Barnett cites Romans 12:9-10:

Let love be genuine. Abhor what is evil; hold fast to what is good. Love one another with brotherly affection. Outdo one another in showing honor.”

In the middle of commending “love” and “honor” to the Romans, the apostle Paul says that we must “abhor” evil—the two are not contradictory. Likewise, in the famous love chapter, 1 Corinthians 13, Paul says, “Love … does not rejoice at wrongdoing, but rejoices with the truth” (1 Cor. 13:4-6, ESV).

While LGBT conduct is one problem with “LGBT Pride,” the concept of “pride” itself is another. Writer Avery Foley has pointed out how Scripture often describes pride as a sin, declaring that “God opposes the proud” (James 4:6, ESV). And Christian Concern, a British organization, cites 1 John 2:16, which juxtaposes “the desires of the flesh” with “pride”:

For all that is in the world—the desires of the flesh and the desires of the eyes and pride of life—is not from the Father but is from the world.” (ESV)

Insidious”

The most interesting piece I came across in researching this piece online was an interview that a British podcaster had with Craig Schoonmaker, who claims that he coined the term “gay pride” in New York in 1970, during planning for an event to mark the first anniversary of the Stonewall riots. Schoonmaker said that someone else had proposed the term “gay power,” but he proposed “gay pride” instead:

I proposed “gay pride,” because there’s very little chance in most of the world for people to have power. Gay people did not have power then; and we only now have some. But anybody can have pride in themselves . . .

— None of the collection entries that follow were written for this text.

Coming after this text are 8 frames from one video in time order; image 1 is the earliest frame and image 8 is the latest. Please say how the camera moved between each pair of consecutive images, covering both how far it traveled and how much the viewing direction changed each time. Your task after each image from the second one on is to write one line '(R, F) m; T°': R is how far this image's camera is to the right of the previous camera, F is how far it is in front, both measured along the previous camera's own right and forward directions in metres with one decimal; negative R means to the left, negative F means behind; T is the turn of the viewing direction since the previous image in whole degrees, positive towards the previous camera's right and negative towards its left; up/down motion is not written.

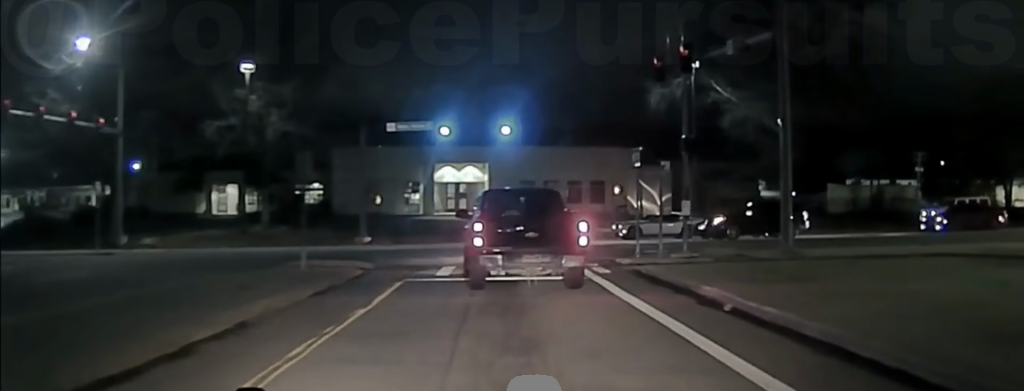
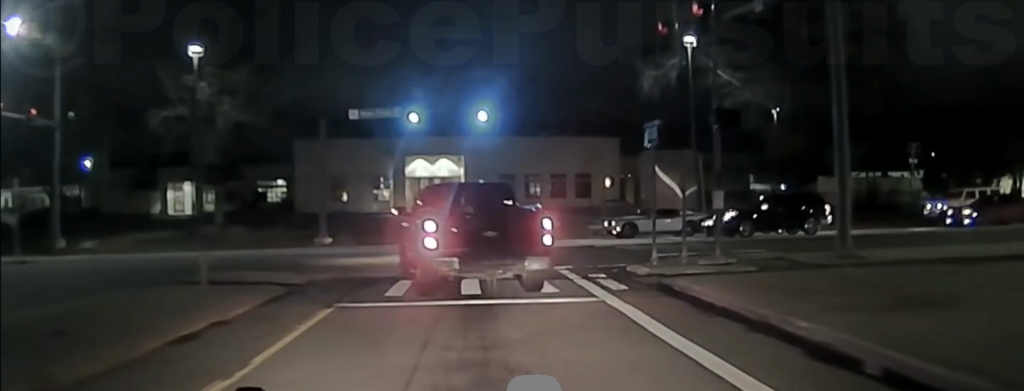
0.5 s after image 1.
(+0.5, +6.6) m; +2°
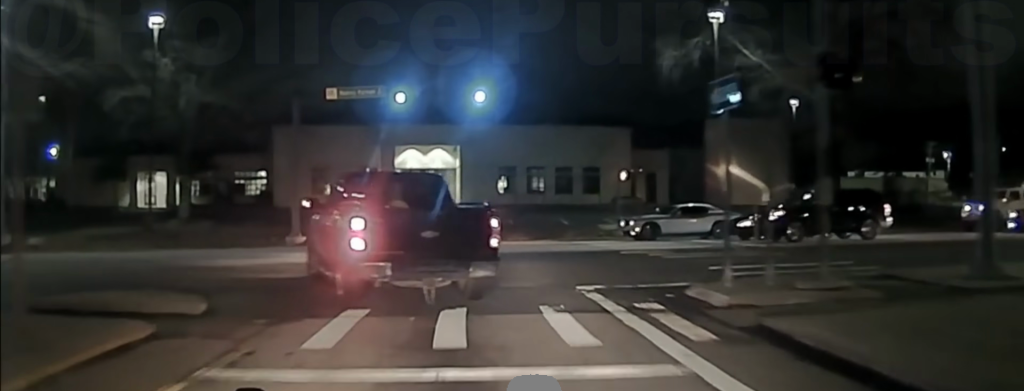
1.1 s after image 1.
(+0.3, +7.3) m; +1°
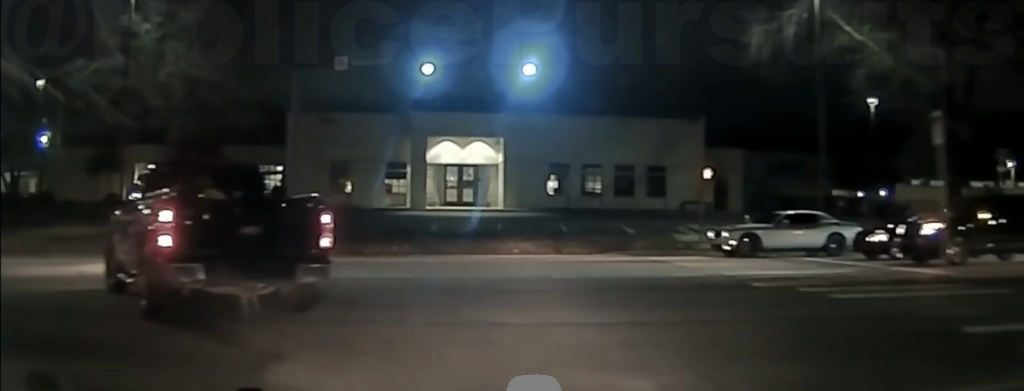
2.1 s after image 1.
(-0.3, +10.3) m; -6°
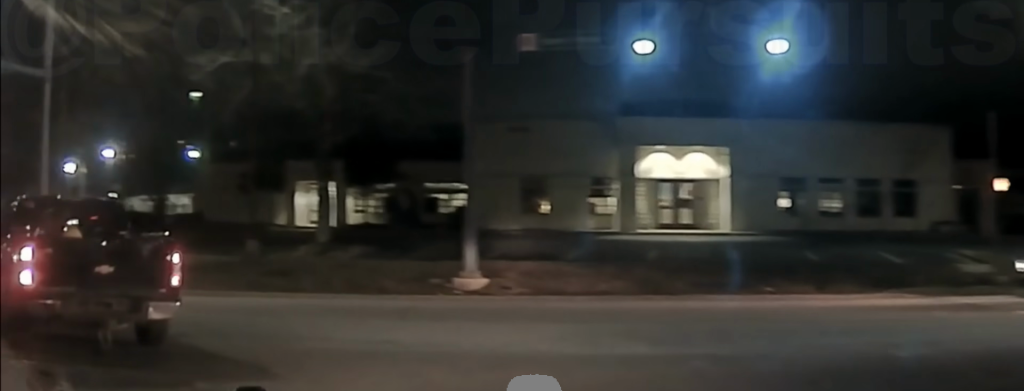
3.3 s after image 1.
(-1.0, +7.9) m; -16°
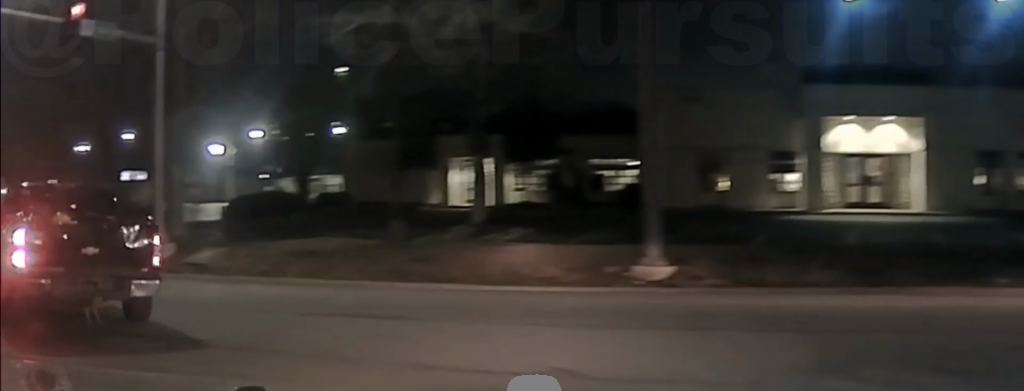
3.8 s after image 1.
(-0.4, +3.5) m; -10°
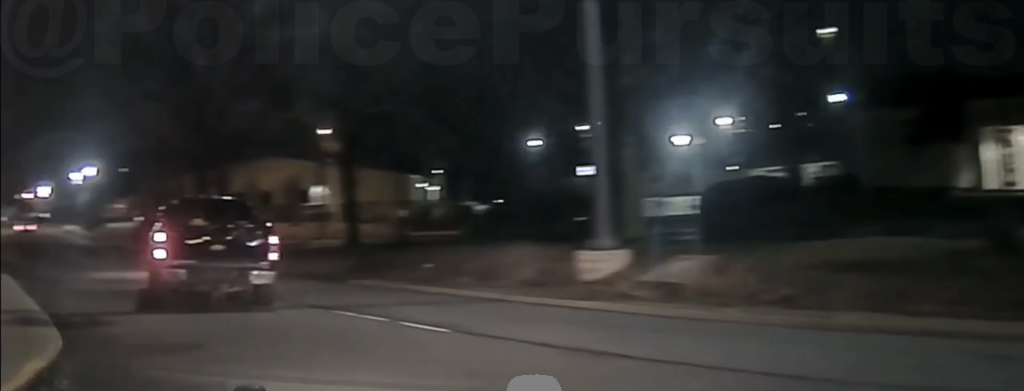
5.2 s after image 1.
(-1.6, +8.2) m; -23°
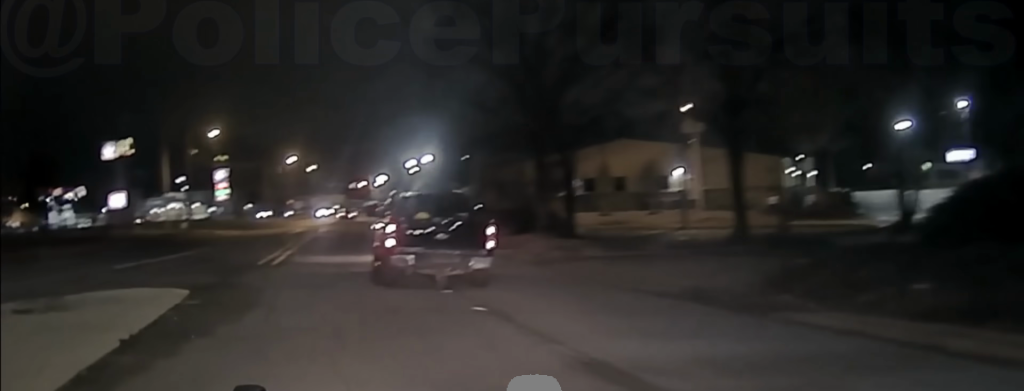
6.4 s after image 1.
(-1.6, +8.0) m; -19°

Interviewer Helen Zaltzman actually asked about the moral implications of promoting “pride”:

HZ: But the word pride carries negative connotations too, of conceit or vanity - pride is one of the seven deadly sins.

CS: Oh, no, this is not that kind of pridefulness; it’s more like self-esteem. That was sort of hackneyed even then. The poison was shame, and the antidote to that is pride.

Later, Schoonmaker made what I consider a Freudian slip:

HZ: Do you still think the word ‘pride’ is necessary?

CS: Oh, definitely. Absolutely. See, because it works—I don’t want to say insidiously—it works internally, and it makes people more self-assertive.

The word “insidiously” was absent from the transcript of the interview provided online; I transcribed it myself from the original recording. According to the dictionary, “insidious” means “awaiting a chance to entrap; treacherous,” or “harmful but enticing; seductive.”

Given the radical agenda that is attached to such a positive-sounding word, “insidiously” may be the best word for how “LGBT Pride” affects the values of American society.